▶ _Saved entries_
:::

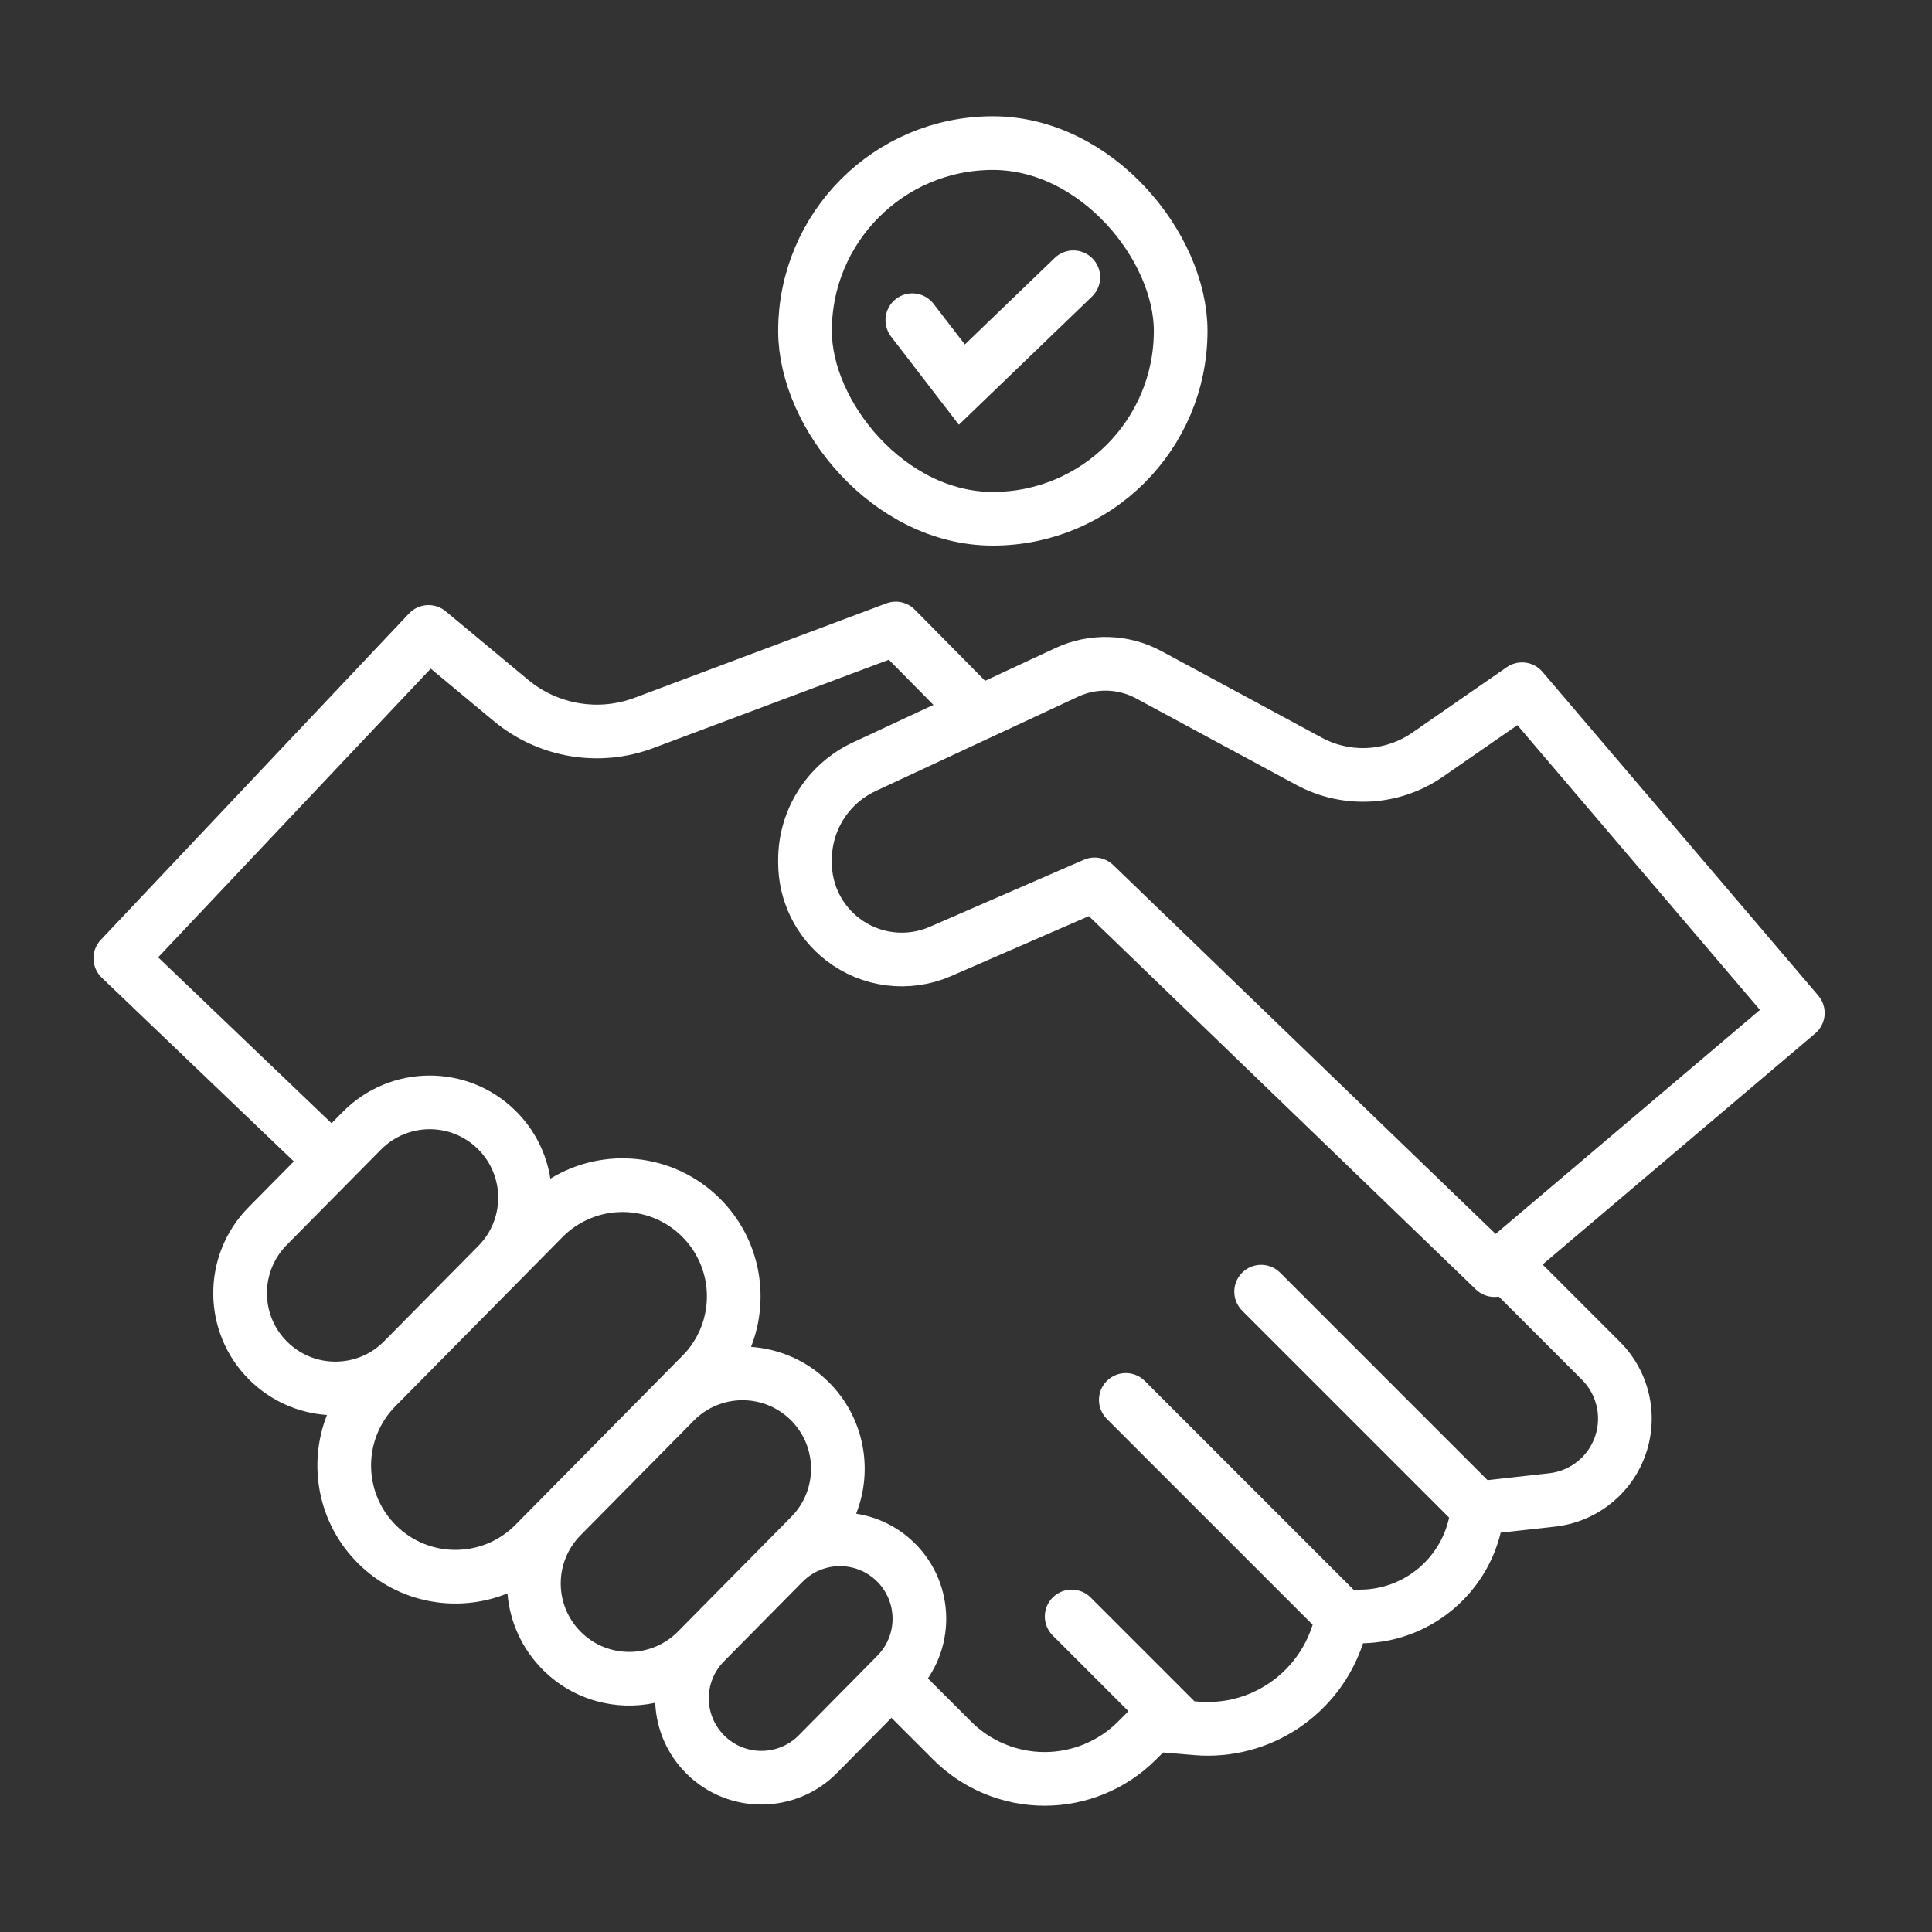 <svg width="72" height="72" viewBox="0 0 72 72" fill="none" xmlns="http://www.w3.org/2000/svg">
<rect x="0" y="0" width="72" height="72" fill="#333333" stroke="none"/>
<g clip-path="url(#clip0_231_2614)">
<path fill-rule="evenodd" clip-rule="evenodd" d="M34.093 22.72C33.815 22.439 33.399 22.348 33.03 22.486L23.644 26.006C22.299 26.51 20.787 26.255 19.683 25.336L16.61 22.781C16.204 22.444 15.606 22.48 15.243 22.863L3.756 35.026C3.379 35.426 3.395 36.055 3.792 36.435L11.506 43.815L12.889 42.37L5.893 35.677L16.053 24.919L18.404 26.874C20.061 28.252 22.329 28.635 24.346 27.878L33.125 24.586L35.359 26.848L36.782 25.443L34.093 22.72ZM55.371 47.835L58.955 51.419C59.547 52.011 59.719 52.905 59.389 53.675C59.098 54.353 58.465 54.823 57.732 54.904L55.436 55.16L47.706 47.429C47.316 47.039 46.682 47.039 46.292 47.429C45.901 47.82 45.901 48.453 46.292 48.844L54.004 56.556C53.669 58.109 52.29 59.241 50.674 59.241H50.44L42.663 51.464C42.272 51.074 41.639 51.074 41.248 51.464C40.858 51.855 40.858 52.488 41.248 52.879L48.918 60.548C48.354 62.366 46.594 63.575 44.671 63.415L44.513 63.402L40.645 59.534C40.255 59.144 39.621 59.144 39.231 59.534C38.84 59.925 38.84 60.558 39.231 60.949L42.054 63.772L41.666 64.16C40.94 64.886 39.956 65.294 38.929 65.294C37.903 65.294 36.918 64.886 36.192 64.16L34.088 62.056L32.674 63.47L34.778 65.574C35.879 66.675 37.372 67.294 38.929 67.294C40.486 67.294 41.979 66.675 43.08 65.574L43.343 65.311L44.505 65.408C47.338 65.644 49.926 63.889 50.797 61.24C53.261 61.185 55.354 59.472 55.927 57.117L57.953 56.892C59.402 56.731 60.653 55.803 61.227 54.463C61.88 52.941 61.54 51.175 60.369 50.005L56.785 46.421L55.371 47.835Z" fill="white"/>
<path d="M53.203 28.125L56.722 25.686L67 37.75L55.694 47.333L40.792 32.958L35.045 35.459C33.836 35.985 32.435 35.809 31.394 34.999C30.514 34.316 30 33.265 30 32.152V32.043C30 30.555 30.862 29.202 32.211 28.573L39.752 25.058C40.729 24.602 41.865 24.635 42.814 25.148L48.785 28.371C50.187 29.128 51.894 29.032 53.203 28.125Z" stroke="white" stroke-width="2" stroke-linejoin="round"/>
<path fill-rule="evenodd" clip-rule="evenodd" d="M9.262 44.992C7.495 46.781 7.512 49.663 9.3 51.43C10.107 52.226 11.135 52.66 12.184 52.733C11.455 54.59 11.848 56.783 13.357 58.274C14.866 59.765 17.064 60.132 18.912 59.381C18.997 60.428 19.444 61.451 20.25 62.248C21.386 63.371 22.965 63.773 24.418 63.458C24.459 64.423 24.85 65.375 25.591 66.107C27.147 67.644 29.654 67.629 31.192 66.073L34.12 63.109C35.657 61.553 35.642 59.046 34.087 57.509C33.469 56.899 32.703 56.533 31.906 56.411C32.557 54.766 32.21 52.819 30.872 51.497C30.066 50.7 29.037 50.266 27.989 50.194C28.718 48.337 28.324 46.143 26.815 44.653C25.096 42.954 22.483 42.715 20.511 43.925C20.366 42.998 19.933 42.107 19.214 41.396C17.425 39.629 14.543 39.647 12.776 41.435L9.262 44.992ZM26.973 61.92L29.916 58.941C30.678 58.178 31.913 58.173 32.681 58.931C33.451 59.692 33.458 60.933 32.698 61.703L29.769 64.668C29.008 65.438 27.767 65.445 26.997 64.684C26.229 63.926 26.219 62.691 26.973 61.92ZM28.497 57.532L29.488 56.528C30.479 55.526 30.469 53.91 29.466 52.919C28.464 51.929 26.848 51.938 25.857 52.941L21.634 57.216C20.643 58.219 20.653 59.835 21.655 60.825C22.658 61.816 24.274 61.806 25.265 60.803L25.547 60.517C25.55 60.514 25.554 60.51 25.557 60.507L28.486 57.542C28.49 57.539 28.493 57.535 28.497 57.532ZM10.706 50.007C9.703 49.017 9.694 47.401 10.684 46.398L14.199 42.841C15.19 41.838 16.805 41.828 17.808 42.819C18.811 43.809 18.82 45.425 17.83 46.428L14.315 49.985C13.325 50.988 11.709 50.998 10.706 50.007ZM14.763 56.851C13.528 55.631 13.516 53.64 14.736 52.405L20.963 46.102C22.184 44.867 24.174 44.855 25.41 46.075C26.645 47.296 26.657 49.286 25.436 50.522L19.209 56.825C17.989 58.06 15.998 58.072 14.763 56.851Z" fill="white"/>
<rect x="30" y="5.333" width="14" height="14" rx="7" stroke="white" stroke-width="2"/>
<path d="M34 11.933L35.846 14.333L40 10.333" stroke="white" stroke-width="2" stroke-linecap="round"/>
</g>
<defs>
<clipPath id="clip0_231_2614">
<rect width="72" height="72" fill="white"/>
</clipPath>
</defs>
</svg>

:::

Only an exact copy of the records, free of images, belongs in the answer.

 <svg width="72" height="72" viewBox="0 0 72 72" fill="none" xmlns="http://www.w3.org/2000/svg">
<rect x="0" y="0" width="72" height="72" fill="#333333" stroke="none"/>
<g clip-path="url(#clip0_231_2614)">
<path fill-rule="evenodd" clip-rule="evenodd" d="M34.093 22.72C33.815 22.439 33.399 22.348 33.03 22.486L23.644 26.006C22.299 26.51 20.787 26.255 19.683 25.336L16.61 22.781C16.204 22.444 15.606 22.48 15.243 22.863L3.756 35.026C3.379 35.426 3.395 36.055 3.792 36.435L11.506 43.815L12.889 42.37L5.893 35.677L16.053 24.919L18.404 26.874C20.061 28.252 22.329 28.635 24.346 27.878L33.125 24.586L35.359 26.848L36.782 25.443L34.093 22.72ZM55.371 47.835L58.955 51.419C59.547 52.011 59.719 52.905 59.389 53.675C59.098 54.353 58.465 54.823 57.732 54.904L55.436 55.16L47.706 47.429C47.316 47.039 46.682 47.039 46.292 47.429C45.901 47.82 45.901 48.453 46.292 48.844L54.004 56.556C53.669 58.109 52.29 59.241 50.674 59.241H50.44L42.663 51.464C42.272 51.074 41.639 51.074 41.248 51.464C40.858 51.855 40.858 52.488 41.248 52.879L48.918 60.548C48.354 62.366 46.594 63.575 44.671 63.415L44.513 63.402L40.645 59.534C40.255 59.144 39.621 59.144 39.231 59.534C38.84 59.925 38.84 60.558 39.231 60.949L42.054 63.772L41.666 64.16C40.94 64.886 39.956 65.294 38.929 65.294C37.903 65.294 36.918 64.886 36.192 64.16L34.088 62.056L32.674 63.47L34.778 65.574C35.879 66.675 37.372 67.294 38.929 67.294C40.486 67.294 41.979 66.675 43.08 65.574L43.343 65.311L44.505 65.408C47.338 65.644 49.926 63.889 50.797 61.24C53.261 61.185 55.354 59.472 55.927 57.117L57.953 56.892C59.402 56.731 60.653 55.803 61.227 54.463C61.88 52.941 61.54 51.175 60.369 50.005L56.785 46.421L55.371 47.835Z" fill="white"/>
<path d="M53.203 28.125L56.722 25.686L67 37.75L55.694 47.333L40.792 32.958L35.045 35.459C33.836 35.985 32.435 35.809 31.394 34.999C30.514 34.316 30 33.265 30 32.152V32.043C30 30.555 30.862 29.202 32.211 28.573L39.752 25.058C40.729 24.602 41.865 24.635 42.814 25.148L48.785 28.371C50.187 29.128 51.894 29.032 53.203 28.125Z" stroke="white" stroke-width="2" stroke-linejoin="round"/>
<path fill-rule="evenodd" clip-rule="evenodd" d="M9.262 44.992C7.495 46.781 7.512 49.663 9.3 51.43C10.107 52.226 11.135 52.66 12.184 52.733C11.455 54.59 11.848 56.783 13.357 58.274C14.866 59.765 17.064 60.132 18.912 59.381C18.997 60.428 19.444 61.451 20.25 62.248C21.386 63.371 22.965 63.773 24.418 63.458C24.459 64.423 24.85 65.375 25.591 66.107C27.147 67.644 29.654 67.629 31.192 66.073L34.12 63.109C35.657 61.553 35.642 59.046 34.087 57.509C33.469 56.899 32.703 56.533 31.906 56.411C32.557 54.766 32.21 52.819 30.872 51.497C30.066 50.7 29.037 50.266 27.989 50.194C28.718 48.337 28.324 46.143 26.815 44.653C25.096 42.954 22.483 42.715 20.511 43.925C20.366 42.998 19.933 42.107 19.214 41.396C17.425 39.629 14.543 39.647 12.776 41.435L9.262 44.992ZM26.973 61.92L29.916 58.941C30.678 58.178 31.913 58.173 32.681 58.931C33.451 59.692 33.458 60.933 32.698 61.703L29.769 64.668C29.008 65.438 27.767 65.445 26.997 64.684C26.229 63.926 26.219 62.691 26.973 61.92ZM28.497 57.532L29.488 56.528C30.479 55.526 30.469 53.91 29.466 52.919C28.464 51.929 26.848 51.938 25.857 52.941L21.634 57.216C20.643 58.219 20.653 59.835 21.655 60.825C22.658 61.816 24.274 61.806 25.265 60.803L25.547 60.517C25.55 60.514 25.554 60.51 25.557 60.507L28.486 57.542C28.49 57.539 28.493 57.535 28.497 57.532ZM10.706 50.007C9.703 49.017 9.694 47.401 10.684 46.398L14.199 42.841C15.19 41.838 16.805 41.828 17.808 42.819C18.811 43.809 18.82 45.425 17.83 46.428L14.315 49.985C13.325 50.988 11.709 50.998 10.706 50.007ZM14.763 56.851C13.528 55.631 13.516 53.64 14.736 52.405L20.963 46.102C22.184 44.867 24.174 44.855 25.41 46.075C26.645 47.296 26.657 49.286 25.436 50.522L19.209 56.825C17.989 58.06 15.998 58.072 14.763 56.851Z" fill="white"/>
<rect x="30" y="5.333" width="14" height="14" rx="7" stroke="white" stroke-width="2"/>
<path d="M34 11.933L35.846 14.333L40 10.333" stroke="white" stroke-width="2" stroke-linecap="round"/>
</g>
<defs>
<clipPath id="clip0_231_2614">
<rect width="72" height="72" fill="white"/>
</clipPath>
</defs>
</svg>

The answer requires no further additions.